Saved data entries
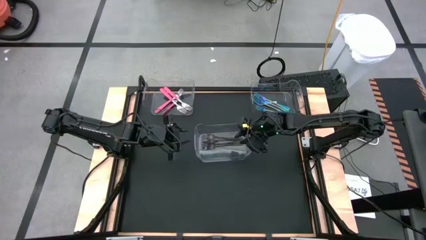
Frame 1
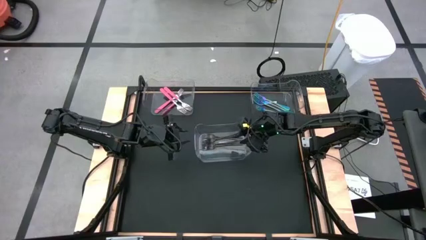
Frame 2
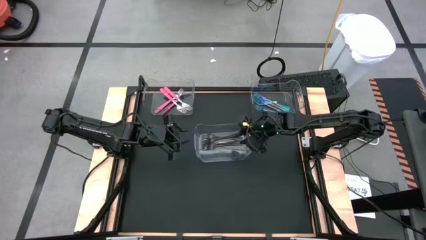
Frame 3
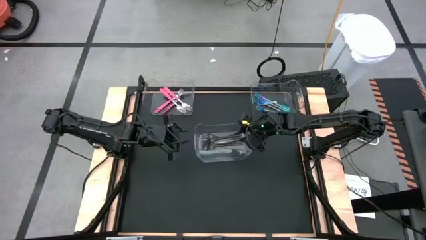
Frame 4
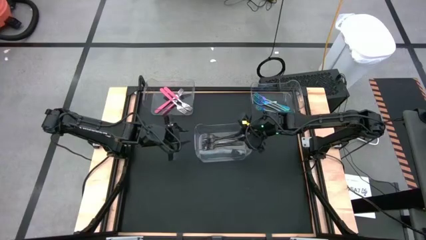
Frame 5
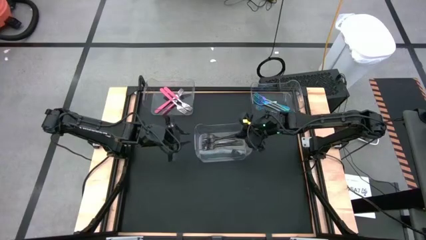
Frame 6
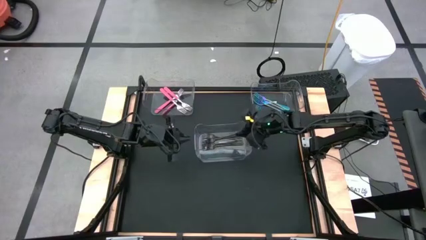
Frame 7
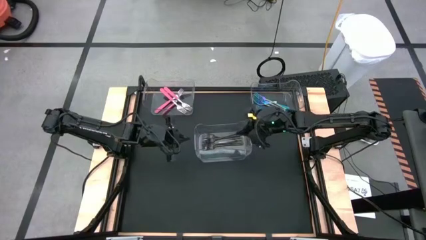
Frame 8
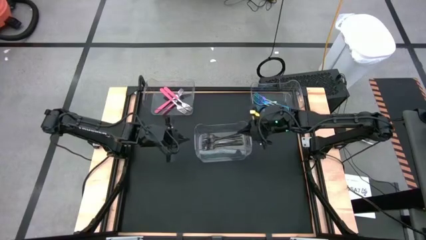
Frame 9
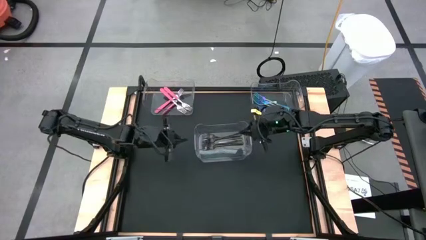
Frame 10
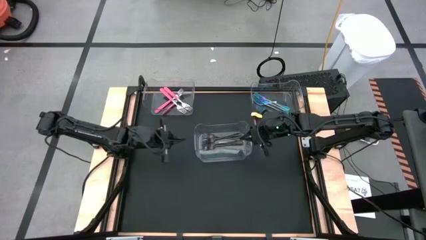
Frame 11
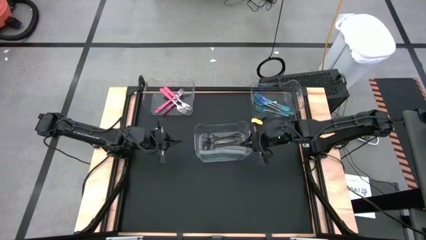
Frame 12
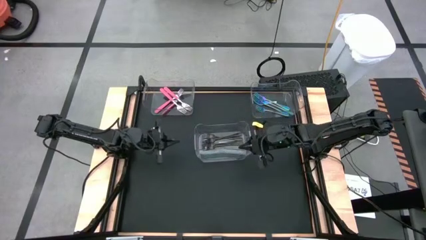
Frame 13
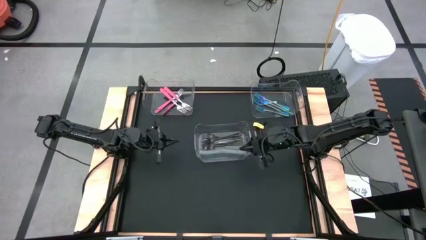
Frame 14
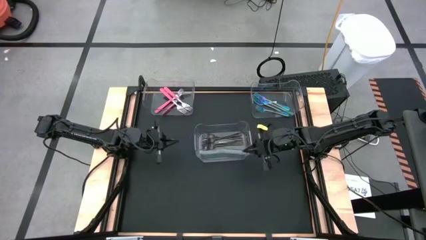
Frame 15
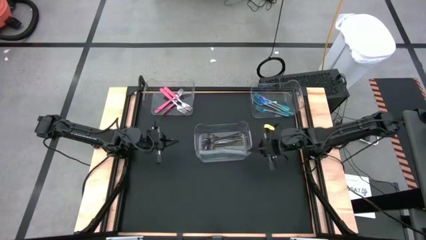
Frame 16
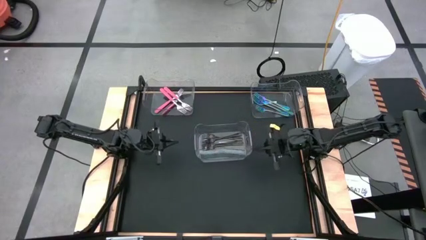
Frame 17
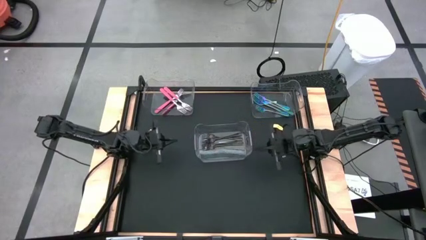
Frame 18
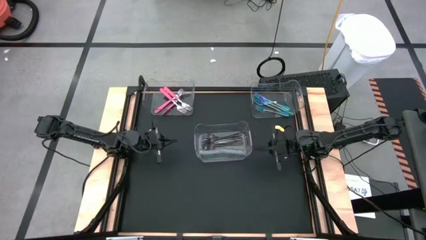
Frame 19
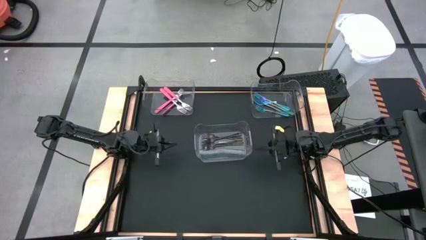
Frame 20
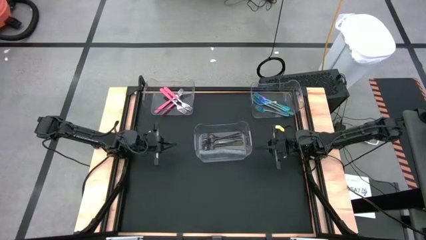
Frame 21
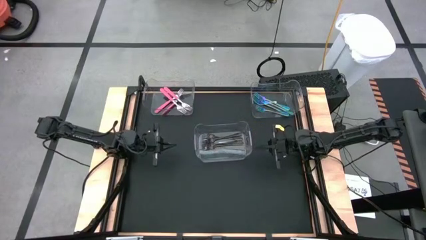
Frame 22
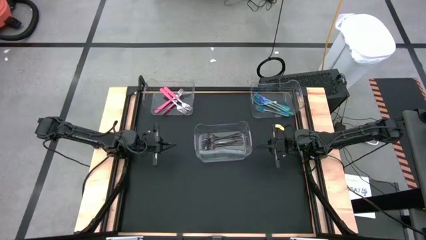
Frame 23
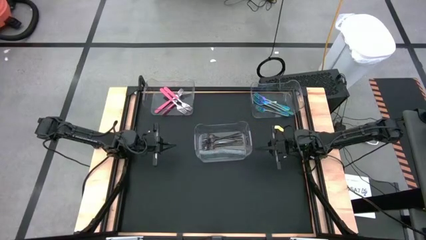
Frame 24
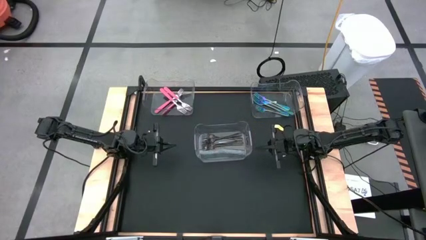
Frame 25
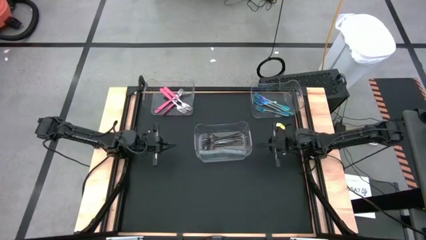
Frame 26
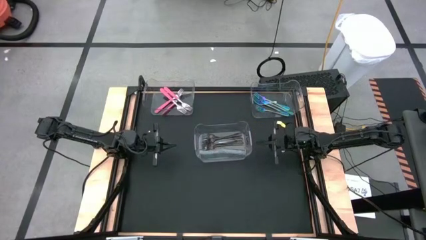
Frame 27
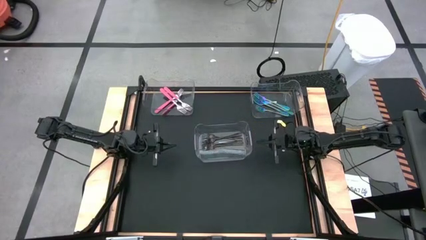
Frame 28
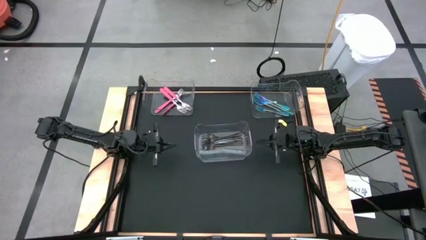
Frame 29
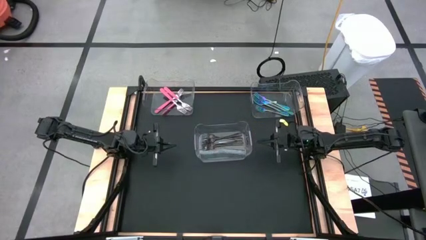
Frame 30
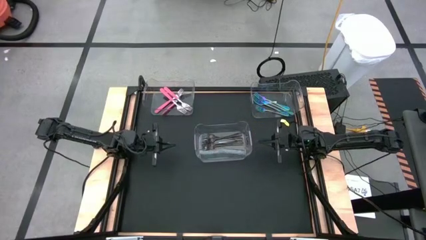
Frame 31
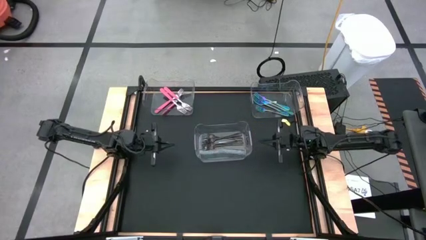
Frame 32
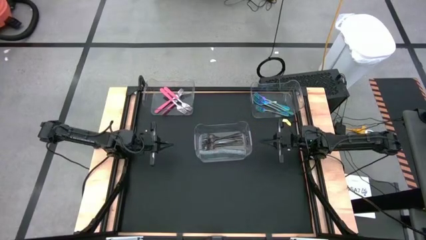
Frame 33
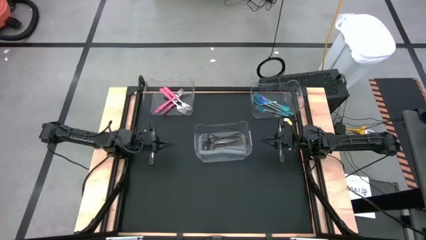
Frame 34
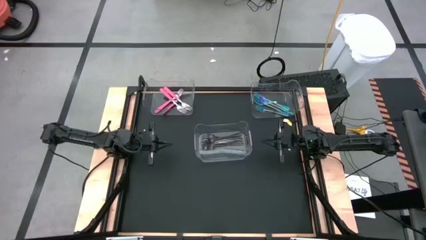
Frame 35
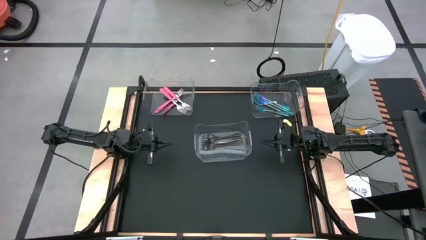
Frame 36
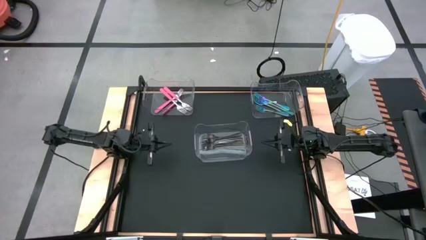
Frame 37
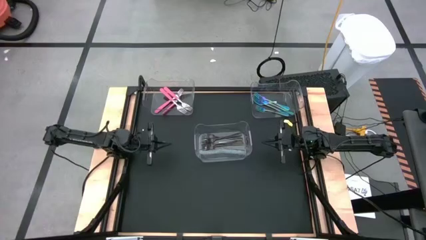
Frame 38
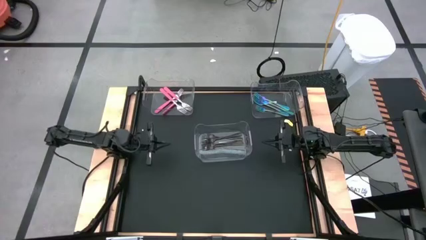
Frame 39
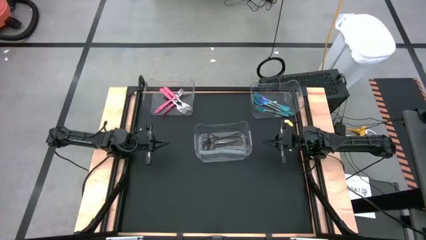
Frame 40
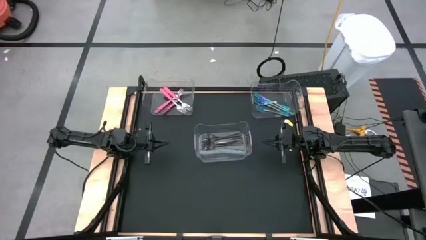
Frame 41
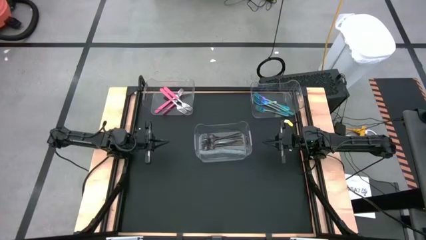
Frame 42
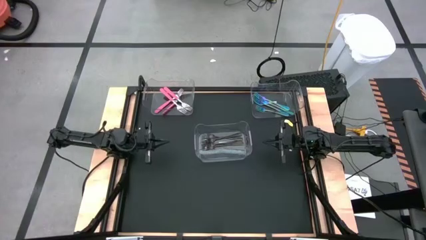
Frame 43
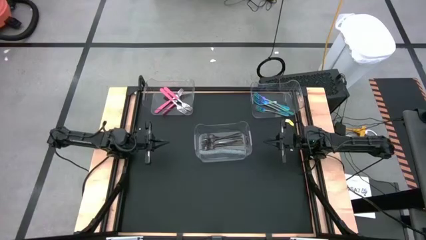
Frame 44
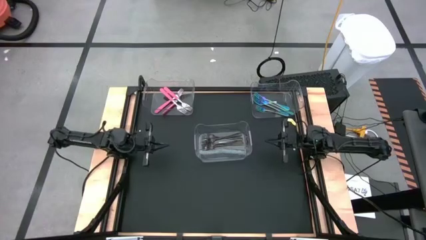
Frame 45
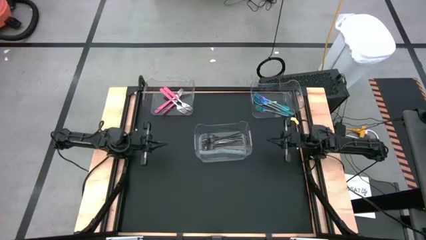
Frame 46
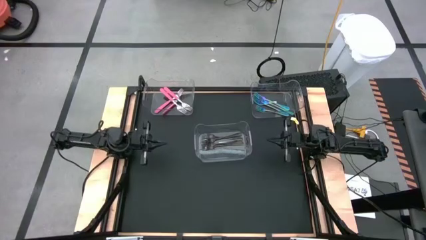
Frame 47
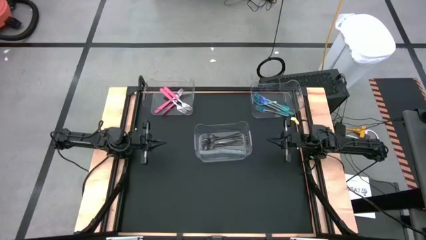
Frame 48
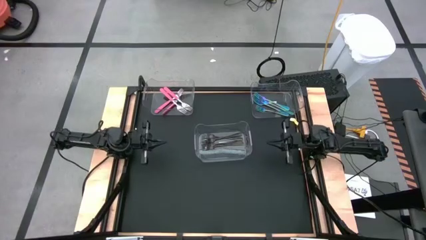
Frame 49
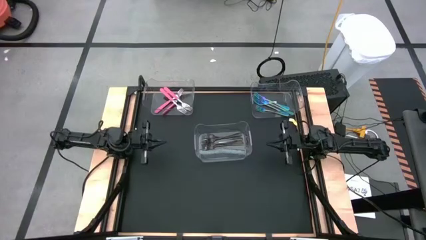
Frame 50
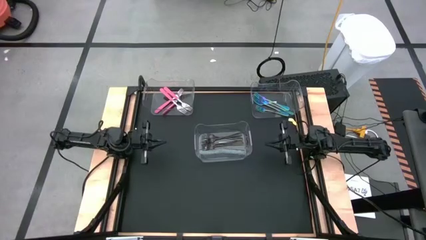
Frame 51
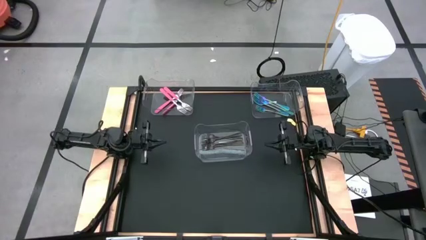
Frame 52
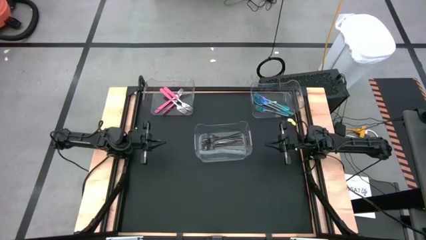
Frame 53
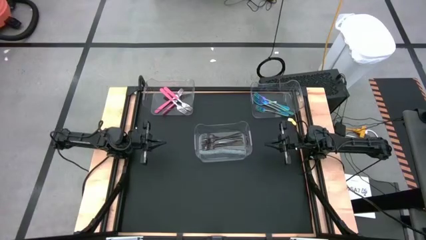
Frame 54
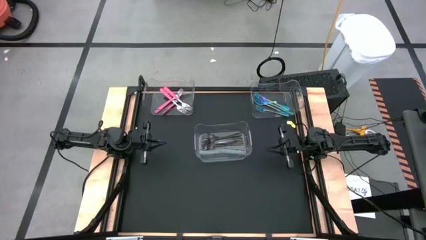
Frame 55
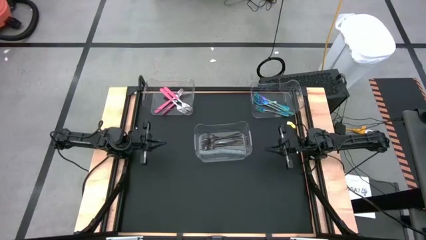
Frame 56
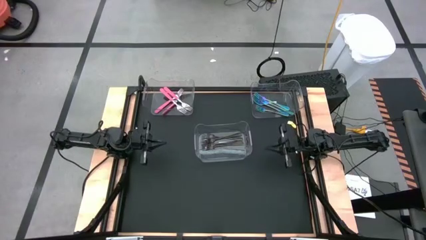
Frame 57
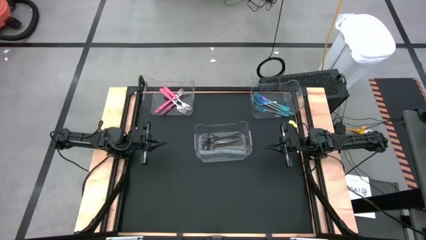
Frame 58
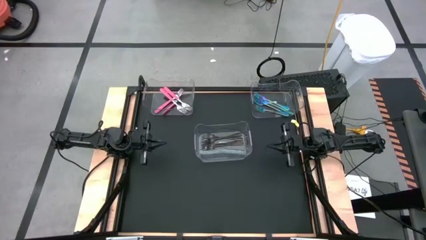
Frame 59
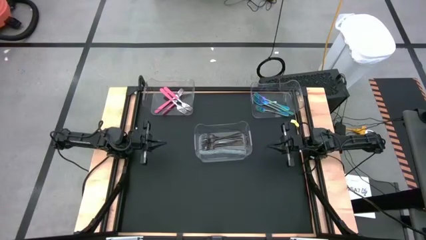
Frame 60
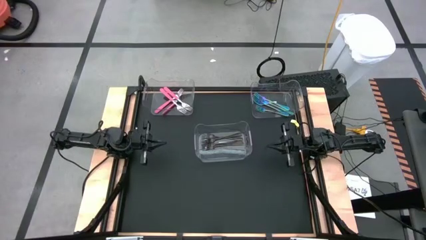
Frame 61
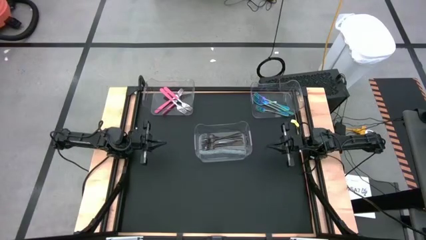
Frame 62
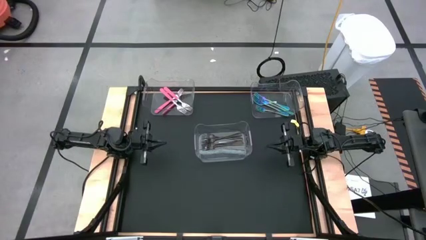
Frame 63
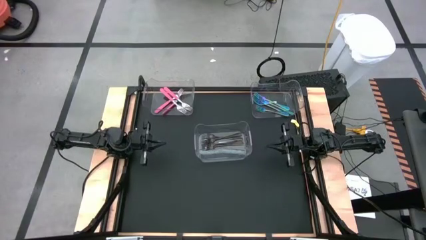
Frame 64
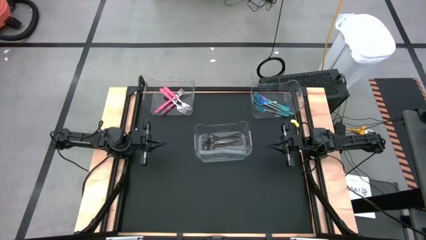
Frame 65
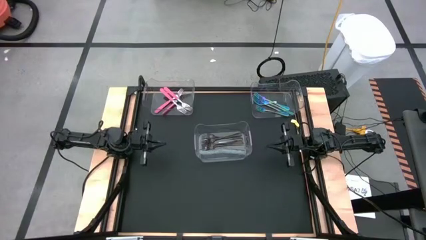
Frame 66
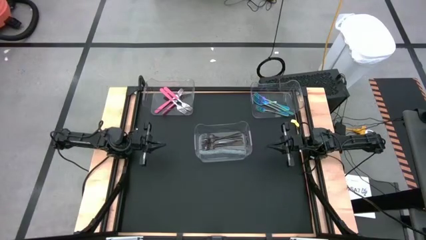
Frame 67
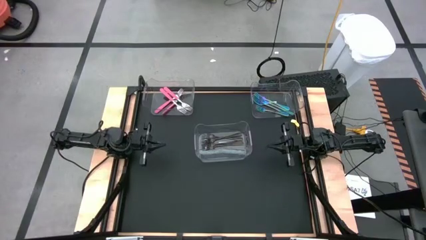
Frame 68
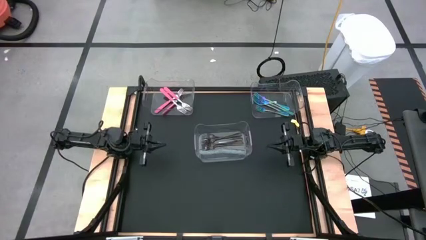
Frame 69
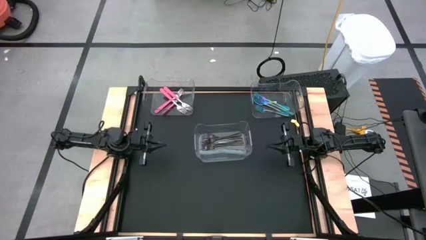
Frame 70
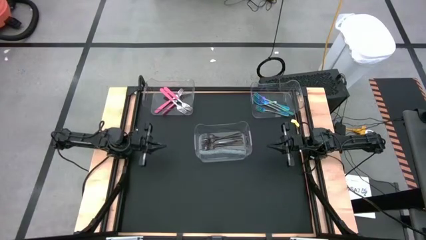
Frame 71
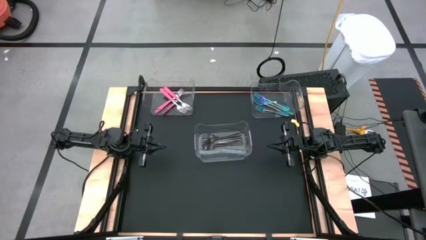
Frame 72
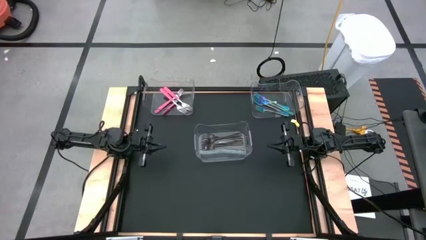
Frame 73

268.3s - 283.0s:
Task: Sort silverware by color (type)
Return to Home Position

-- Task goal --
The response should repeat each record precisely and contain no pictures.

-- Solution to this exercise --
Frame 1
Frame 2
Frame 3
Frame 4
Frame 5
Frame 6
Frame 7
Frame 8
Frame 9
Frame 10
Frame 11
Frame 12
Frame 13
Frame 14
Frame 15
Frame 16
Frame 17
Frame 18
Frame 19
Frame 20
Frame 21
Frame 22
Frame 23
Frame 24
Frame 25
Frame 26
Frame 27
Frame 28
Frame 29
Frame 30
Frame 31
Frame 32
Frame 33
Frame 34
Frame 35
Frame 36
Frame 37
Frame 38
Frame 39
Frame 40
Frame 41
Frame 42
Frame 43
Frame 44
Frame 45
Frame 46
Frame 47
Frame 48
Frame 49
Frame 50
Frame 51
Frame 52
Frame 53
Frame 54
Frame 55
Frame 56
Frame 57
Frame 58
Frame 59
Frame 60
Frame 61
Frame 62
Frame 63
Frame 64
Frame 65
Frame 66
Frame 67
Frame 68
Frame 69
Frame 70
Frame 71
Frame 72
Frame 73

268.3s - 283.0s:
Task: Sort silverware by color (type)
Return to Home Position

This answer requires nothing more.